Abstract

Cardiac dysfunction associated with anthracyclines is a significant side effect of chemotherapy, and early detection is crucial. We aimed to assess the diagnostic value of combining global longitudinal strain (GLS) with biomarkers for the early detection of anthracycline-related cardiac dysfunction. In a prospective cohort study, 80 consecutive adult patients (mean age 51 ± 11years; 68.8% females) were screened and underwent 2D echocardiographic assessments and biomarker assessments [high-sensitivity troponin-I (hs-Troponin-I) and NT-pro brain natriuretic peptide (NT-proBNP)] before and after anthracycline-based chemotherapy's initial regimen. The patients were followed up for 12weeks to monitor for the development of cardiotoxicity.

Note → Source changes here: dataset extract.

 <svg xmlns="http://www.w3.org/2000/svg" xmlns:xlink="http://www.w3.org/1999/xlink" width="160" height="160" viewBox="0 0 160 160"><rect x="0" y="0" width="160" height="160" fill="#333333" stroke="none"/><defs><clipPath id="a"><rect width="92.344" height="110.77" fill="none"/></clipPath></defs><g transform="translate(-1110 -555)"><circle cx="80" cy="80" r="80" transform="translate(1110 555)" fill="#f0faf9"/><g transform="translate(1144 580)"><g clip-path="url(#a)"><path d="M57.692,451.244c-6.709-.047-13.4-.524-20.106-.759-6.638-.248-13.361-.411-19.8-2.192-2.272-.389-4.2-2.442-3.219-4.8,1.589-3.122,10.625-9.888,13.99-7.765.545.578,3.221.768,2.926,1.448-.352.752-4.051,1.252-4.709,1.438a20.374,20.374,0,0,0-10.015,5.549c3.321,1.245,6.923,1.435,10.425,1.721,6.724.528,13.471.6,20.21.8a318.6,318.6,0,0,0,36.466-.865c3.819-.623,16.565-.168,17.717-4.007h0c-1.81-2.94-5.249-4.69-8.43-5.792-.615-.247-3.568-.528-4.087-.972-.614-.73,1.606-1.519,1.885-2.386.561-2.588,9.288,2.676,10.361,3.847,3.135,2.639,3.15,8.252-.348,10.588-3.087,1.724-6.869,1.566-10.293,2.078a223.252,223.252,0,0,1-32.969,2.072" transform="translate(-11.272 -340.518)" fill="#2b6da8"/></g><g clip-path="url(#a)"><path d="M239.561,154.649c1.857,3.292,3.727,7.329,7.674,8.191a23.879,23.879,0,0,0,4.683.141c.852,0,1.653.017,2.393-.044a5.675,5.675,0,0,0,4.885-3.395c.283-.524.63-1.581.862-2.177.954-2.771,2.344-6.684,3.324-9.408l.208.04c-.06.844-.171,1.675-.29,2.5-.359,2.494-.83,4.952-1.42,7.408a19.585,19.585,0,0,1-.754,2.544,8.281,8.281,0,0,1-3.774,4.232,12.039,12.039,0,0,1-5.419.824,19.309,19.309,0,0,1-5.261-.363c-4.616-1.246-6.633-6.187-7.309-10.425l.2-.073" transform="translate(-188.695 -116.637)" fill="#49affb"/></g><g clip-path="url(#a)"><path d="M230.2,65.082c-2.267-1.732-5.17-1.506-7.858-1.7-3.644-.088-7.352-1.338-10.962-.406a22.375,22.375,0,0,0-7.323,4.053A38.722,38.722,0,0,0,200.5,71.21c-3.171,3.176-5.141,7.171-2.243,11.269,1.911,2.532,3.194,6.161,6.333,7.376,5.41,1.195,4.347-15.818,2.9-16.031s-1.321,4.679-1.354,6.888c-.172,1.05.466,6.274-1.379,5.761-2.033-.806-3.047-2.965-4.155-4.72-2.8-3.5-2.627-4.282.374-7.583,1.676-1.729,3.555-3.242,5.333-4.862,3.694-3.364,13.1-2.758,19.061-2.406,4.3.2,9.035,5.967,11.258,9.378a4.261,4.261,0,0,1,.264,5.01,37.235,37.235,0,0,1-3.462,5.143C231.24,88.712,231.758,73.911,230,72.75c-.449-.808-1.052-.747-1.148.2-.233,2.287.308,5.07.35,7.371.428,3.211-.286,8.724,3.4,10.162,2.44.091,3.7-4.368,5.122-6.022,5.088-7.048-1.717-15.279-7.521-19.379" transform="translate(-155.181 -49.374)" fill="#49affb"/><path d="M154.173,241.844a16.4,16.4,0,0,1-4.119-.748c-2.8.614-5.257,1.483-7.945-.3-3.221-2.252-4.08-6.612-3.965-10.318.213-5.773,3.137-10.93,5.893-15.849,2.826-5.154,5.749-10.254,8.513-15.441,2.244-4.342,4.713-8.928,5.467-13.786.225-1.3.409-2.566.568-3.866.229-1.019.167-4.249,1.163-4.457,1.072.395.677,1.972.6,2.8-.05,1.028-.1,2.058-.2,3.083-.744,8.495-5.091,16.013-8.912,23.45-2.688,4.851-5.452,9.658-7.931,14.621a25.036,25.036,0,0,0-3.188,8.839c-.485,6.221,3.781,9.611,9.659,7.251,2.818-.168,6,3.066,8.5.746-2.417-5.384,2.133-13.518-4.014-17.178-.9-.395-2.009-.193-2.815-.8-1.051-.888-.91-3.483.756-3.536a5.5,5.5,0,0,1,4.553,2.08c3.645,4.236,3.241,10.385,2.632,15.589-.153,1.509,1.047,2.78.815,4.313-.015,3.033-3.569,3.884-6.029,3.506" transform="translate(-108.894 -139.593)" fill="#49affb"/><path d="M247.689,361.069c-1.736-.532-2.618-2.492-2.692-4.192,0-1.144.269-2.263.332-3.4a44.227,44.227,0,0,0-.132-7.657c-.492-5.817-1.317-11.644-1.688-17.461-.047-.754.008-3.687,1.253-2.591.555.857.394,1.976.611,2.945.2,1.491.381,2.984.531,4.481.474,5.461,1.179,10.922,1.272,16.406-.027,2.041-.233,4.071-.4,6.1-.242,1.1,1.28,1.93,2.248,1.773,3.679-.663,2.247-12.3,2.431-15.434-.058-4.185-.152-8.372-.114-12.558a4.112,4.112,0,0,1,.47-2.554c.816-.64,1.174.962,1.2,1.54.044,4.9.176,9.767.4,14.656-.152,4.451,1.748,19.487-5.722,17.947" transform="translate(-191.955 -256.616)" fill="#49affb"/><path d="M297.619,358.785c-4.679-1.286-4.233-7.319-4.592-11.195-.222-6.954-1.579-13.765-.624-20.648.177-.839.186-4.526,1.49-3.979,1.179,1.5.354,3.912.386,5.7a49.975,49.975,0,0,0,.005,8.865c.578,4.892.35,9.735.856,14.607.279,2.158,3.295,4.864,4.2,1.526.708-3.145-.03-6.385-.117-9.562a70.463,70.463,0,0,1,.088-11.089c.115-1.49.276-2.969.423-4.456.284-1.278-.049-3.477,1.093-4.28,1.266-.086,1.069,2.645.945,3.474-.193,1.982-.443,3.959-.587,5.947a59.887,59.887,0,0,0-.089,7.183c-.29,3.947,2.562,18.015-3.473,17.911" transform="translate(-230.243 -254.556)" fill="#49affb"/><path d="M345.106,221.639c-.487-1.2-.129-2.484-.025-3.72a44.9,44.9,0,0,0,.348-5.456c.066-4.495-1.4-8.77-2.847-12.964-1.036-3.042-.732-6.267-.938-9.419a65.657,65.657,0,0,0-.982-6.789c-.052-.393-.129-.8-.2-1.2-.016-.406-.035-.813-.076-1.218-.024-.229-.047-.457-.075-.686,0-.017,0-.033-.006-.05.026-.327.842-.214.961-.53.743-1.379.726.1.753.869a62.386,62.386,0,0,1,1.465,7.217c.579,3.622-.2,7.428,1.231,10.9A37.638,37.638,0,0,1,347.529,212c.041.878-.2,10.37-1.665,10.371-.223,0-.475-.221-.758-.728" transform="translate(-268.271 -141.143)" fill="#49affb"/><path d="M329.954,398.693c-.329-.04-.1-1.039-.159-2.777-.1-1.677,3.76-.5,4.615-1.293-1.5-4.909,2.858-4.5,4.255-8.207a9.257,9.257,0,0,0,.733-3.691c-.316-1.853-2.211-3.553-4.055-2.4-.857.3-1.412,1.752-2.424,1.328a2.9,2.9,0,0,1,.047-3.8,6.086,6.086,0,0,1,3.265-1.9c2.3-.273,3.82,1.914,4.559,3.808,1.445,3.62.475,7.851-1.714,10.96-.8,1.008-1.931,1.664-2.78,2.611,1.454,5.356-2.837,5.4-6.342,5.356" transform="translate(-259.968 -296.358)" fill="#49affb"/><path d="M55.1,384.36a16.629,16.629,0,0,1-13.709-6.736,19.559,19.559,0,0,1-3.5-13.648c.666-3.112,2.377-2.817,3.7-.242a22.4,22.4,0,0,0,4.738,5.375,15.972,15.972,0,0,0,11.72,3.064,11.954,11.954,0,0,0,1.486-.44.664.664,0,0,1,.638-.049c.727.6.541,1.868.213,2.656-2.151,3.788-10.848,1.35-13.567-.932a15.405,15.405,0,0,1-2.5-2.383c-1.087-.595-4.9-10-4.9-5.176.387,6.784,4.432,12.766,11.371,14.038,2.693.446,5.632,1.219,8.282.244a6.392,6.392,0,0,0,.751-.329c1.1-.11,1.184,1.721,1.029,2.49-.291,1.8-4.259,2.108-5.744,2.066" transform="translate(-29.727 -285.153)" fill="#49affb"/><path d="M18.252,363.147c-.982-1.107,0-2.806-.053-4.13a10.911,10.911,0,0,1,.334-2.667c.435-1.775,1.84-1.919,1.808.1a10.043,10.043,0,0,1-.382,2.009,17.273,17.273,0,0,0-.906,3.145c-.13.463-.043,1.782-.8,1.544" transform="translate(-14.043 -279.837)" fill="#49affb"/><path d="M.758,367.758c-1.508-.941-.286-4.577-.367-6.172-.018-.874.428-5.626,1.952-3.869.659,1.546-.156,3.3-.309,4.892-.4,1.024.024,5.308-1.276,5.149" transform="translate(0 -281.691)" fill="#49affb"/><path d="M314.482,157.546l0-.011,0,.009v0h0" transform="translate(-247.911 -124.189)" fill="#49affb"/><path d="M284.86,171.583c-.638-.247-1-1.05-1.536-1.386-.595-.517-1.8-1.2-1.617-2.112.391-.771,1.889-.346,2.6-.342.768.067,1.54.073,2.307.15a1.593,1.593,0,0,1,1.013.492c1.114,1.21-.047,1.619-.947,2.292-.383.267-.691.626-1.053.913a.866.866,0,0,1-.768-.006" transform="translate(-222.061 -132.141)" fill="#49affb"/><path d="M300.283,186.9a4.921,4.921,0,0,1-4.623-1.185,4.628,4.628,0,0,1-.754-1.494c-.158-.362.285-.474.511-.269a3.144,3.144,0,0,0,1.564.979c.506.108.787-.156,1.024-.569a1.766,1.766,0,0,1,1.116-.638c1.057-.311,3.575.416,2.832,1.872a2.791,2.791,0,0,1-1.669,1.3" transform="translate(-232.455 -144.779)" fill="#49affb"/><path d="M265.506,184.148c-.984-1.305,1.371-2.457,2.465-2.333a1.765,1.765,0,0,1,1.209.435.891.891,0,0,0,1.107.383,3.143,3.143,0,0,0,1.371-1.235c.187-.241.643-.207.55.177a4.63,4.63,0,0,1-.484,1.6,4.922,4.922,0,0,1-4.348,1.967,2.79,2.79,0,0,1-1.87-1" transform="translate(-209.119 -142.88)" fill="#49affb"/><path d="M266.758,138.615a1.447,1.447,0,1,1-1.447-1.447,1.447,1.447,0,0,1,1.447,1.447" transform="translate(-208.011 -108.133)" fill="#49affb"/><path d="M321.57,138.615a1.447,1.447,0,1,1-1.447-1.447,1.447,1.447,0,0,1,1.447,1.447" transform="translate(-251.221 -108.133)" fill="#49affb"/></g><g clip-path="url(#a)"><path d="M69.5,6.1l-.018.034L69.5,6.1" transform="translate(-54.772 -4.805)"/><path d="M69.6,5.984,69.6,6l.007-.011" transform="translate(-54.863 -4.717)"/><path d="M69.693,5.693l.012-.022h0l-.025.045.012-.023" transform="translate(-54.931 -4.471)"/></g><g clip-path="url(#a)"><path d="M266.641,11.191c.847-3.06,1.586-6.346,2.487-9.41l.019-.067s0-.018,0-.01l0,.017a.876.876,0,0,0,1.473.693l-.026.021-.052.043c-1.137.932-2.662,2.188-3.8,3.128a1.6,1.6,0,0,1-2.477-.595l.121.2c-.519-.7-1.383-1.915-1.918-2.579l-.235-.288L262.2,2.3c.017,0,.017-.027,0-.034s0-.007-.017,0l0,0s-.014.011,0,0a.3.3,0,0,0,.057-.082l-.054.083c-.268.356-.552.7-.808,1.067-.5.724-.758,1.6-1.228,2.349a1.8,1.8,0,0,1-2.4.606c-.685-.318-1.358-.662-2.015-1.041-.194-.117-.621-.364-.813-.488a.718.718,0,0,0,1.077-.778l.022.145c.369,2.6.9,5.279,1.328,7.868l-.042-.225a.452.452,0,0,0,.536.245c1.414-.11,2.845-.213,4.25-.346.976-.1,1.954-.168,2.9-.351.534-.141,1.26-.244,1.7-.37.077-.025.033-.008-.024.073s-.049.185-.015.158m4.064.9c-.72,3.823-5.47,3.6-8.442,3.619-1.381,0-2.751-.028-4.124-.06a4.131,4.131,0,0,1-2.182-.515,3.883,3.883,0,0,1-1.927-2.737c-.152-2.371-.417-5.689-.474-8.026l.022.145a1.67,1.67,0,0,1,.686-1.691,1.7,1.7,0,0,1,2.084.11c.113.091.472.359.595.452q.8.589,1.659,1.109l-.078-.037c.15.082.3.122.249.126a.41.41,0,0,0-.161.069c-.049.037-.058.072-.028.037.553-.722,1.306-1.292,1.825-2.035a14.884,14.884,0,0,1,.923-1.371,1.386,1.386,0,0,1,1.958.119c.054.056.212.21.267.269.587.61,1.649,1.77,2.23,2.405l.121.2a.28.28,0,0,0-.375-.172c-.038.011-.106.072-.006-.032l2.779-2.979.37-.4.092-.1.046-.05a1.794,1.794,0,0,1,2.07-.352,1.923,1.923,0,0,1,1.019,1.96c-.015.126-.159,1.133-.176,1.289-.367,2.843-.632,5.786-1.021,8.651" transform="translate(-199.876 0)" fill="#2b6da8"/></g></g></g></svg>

Ten patients (12.5%) developed cardiotoxicity at the end of the 12-week follow-up. Baseline values of hs-Troponin-I and NT-proBNP were significantly higher in patients who developed cardiotoxicity compared to those who did not, with a similar pattern observed at the 3-week follow-up. Receiver operating characteristic (ROC) curve analysis demonstrated that a cutoff value of baseline hs-Troponin-I > 11ng/L, NT-proBNP > 90.1pg/mL, 3-week left ventricular ejection fraction (LVEF) ≤ 52%, 3-week GLS ≥ -14.5%, 3-week hs-Troponin-I > 13.1ng/L, and 3-week NT-proBNP > 118.1pg/mL predicted the occurrence of cardiotoxicity with high sensitivity (range 83-94%) and specificity (range 77-92%). Combination of GLS with biomarkers had a high diagnostic value in early identification of anthracycline-related cardiac dysfunction, with an estimated diagnostic accuracy of over 85%. This information could potentially help in the identification of patients at high risk of developing cardiac dysfunction, allowing for earlier management.